**Exercise**
Go to the line with "Inside a soft pad, home-made" in the material below and copy from there through the line with "Tactile sensor pictures, BioTip;", exactly. Pictures are not copied.

**Records for this exercise**
· · · · ·
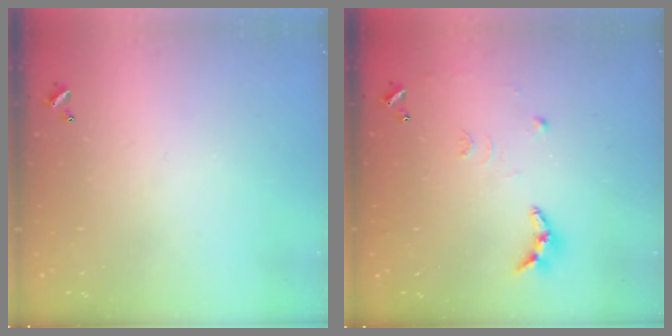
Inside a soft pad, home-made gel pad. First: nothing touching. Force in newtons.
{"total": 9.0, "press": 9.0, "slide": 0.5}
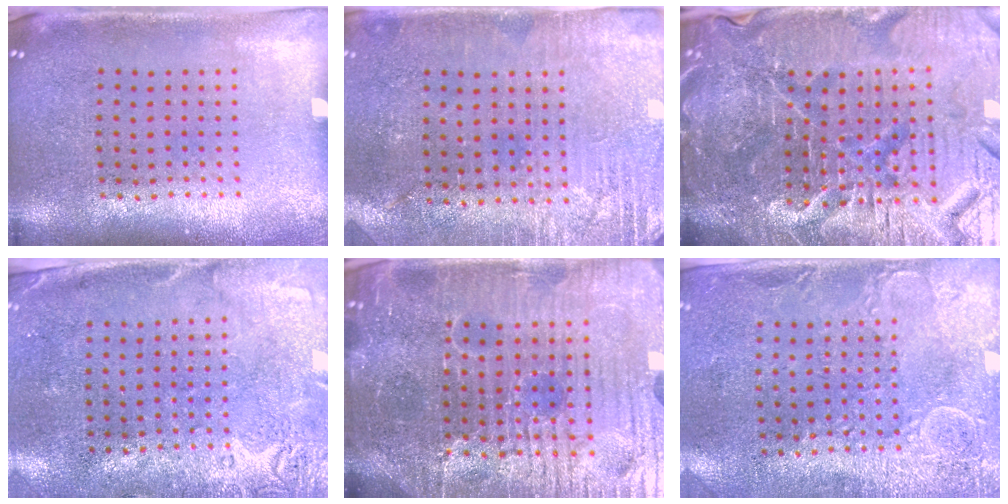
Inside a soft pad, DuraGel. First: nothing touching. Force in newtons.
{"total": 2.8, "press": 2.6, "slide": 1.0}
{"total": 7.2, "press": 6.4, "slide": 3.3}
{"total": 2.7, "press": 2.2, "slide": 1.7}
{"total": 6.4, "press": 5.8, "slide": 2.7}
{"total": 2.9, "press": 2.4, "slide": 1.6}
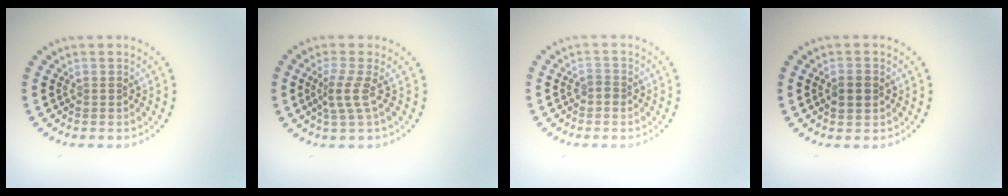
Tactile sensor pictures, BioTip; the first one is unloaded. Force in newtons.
· · · · ·
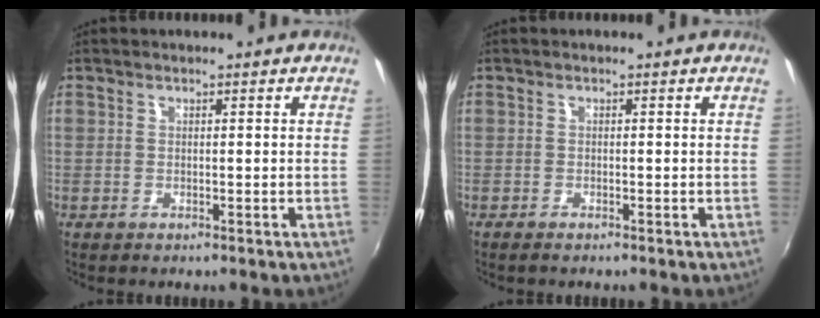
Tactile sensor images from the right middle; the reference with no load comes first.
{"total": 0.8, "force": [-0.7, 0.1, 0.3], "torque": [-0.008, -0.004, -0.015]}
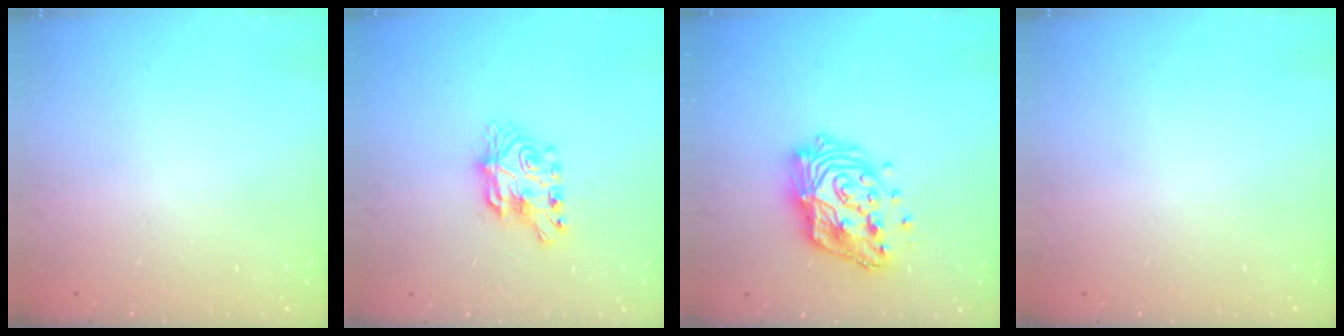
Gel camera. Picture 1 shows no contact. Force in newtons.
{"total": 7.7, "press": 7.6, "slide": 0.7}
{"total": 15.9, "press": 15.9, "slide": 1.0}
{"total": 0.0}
· · · · ·
**Task output**
Inside a soft pad, home-made gel pad. First: nothing touching. Force in newtons.
{"total": 9.0, "press": 9.0, "slide": 0.5}
Inside a soft pad, DuraGel. First: nothing touching. Force in newtons.
{"total": 2.8, "press": 2.6, "slide": 1.0}
{"total": 7.2, "press": 6.4, "slide": 3.3}
{"total": 2.7, "press": 2.2, "slide": 1.7}
{"total": 6.4, "press": 5.8, "slide": 2.7}
{"total": 2.9, "press": 2.4, "slide": 1.6}
Tactile sensor pictures, BioTip; the first one is unloaded. Force in newtons.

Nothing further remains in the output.